Test in `tests/ai/agent/tools/context.test.js`.

---

## ✅ Reviewed and sound (no action)
- **SSRF guard** (`lib/ingest/safe_fetch.js`): http/https-only, blocks loopback /
  RFC1918 / link-local / CGNAT(100.64) / 0.0.0.0 / IPv6 ULA+link-local+v4-mapped,
  validates **all** DNS records, pins resolved IPs into the undici dispatcher to
  defeat TOCTOU rebinding, and re-validates every redirect hop. Solid.
- **Karakeep webhook HMAC** (`lib/api/routes/ingest.js`): `timingSafeEqual` over
  the raw body, guarded against length-mismatch throw, fails closed on missing
  secret/sig.
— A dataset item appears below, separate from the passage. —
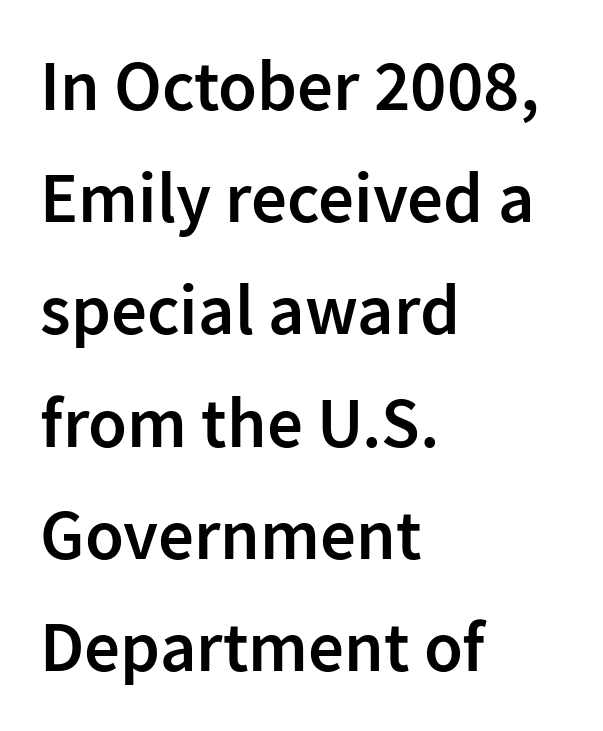
The image shows 71 px semibold sans-serif type, upright; set left-aligned, normal line spacing (1.58x), normal letter spacing, not underlined; low stroke contrast and a medium x-height.

Good.
- **Audit redaction** (`lib/db/repos/audit.js`): redacts token/password/api_key/
  secret/authorization recursively at write time.
- **Capability model** (`lib/auth/capability.js`): agents default-deny; mutations
  require `write`+scope or fall to `suggest`; unknown actions deny.
- **XSS**: safe-DOM invariant in `public/dom.js`; assistant markdown only via the
  DOMPurify-sanitized path.
- **Bearer-only API** (no cookies) ⇒ CSRF not applicable.

---

## Carried-over from `security-followups.md` (design decisions, your call)
- **[HIGH]** Polymorphic `entity_tags`/`entity_links`/`attachments` lack `space_id`
  (cross-tenant linkage possible at the DB layer). Defensible for single-tenant
  alpha; gate at the REST/MCP layer until multi-tenant is load-bearing.
- **[MEDIUM]** `tags.name` UNIQUE is global, not per-space.
- **[MEDIUM]** No cascade on polymorphic parent delete.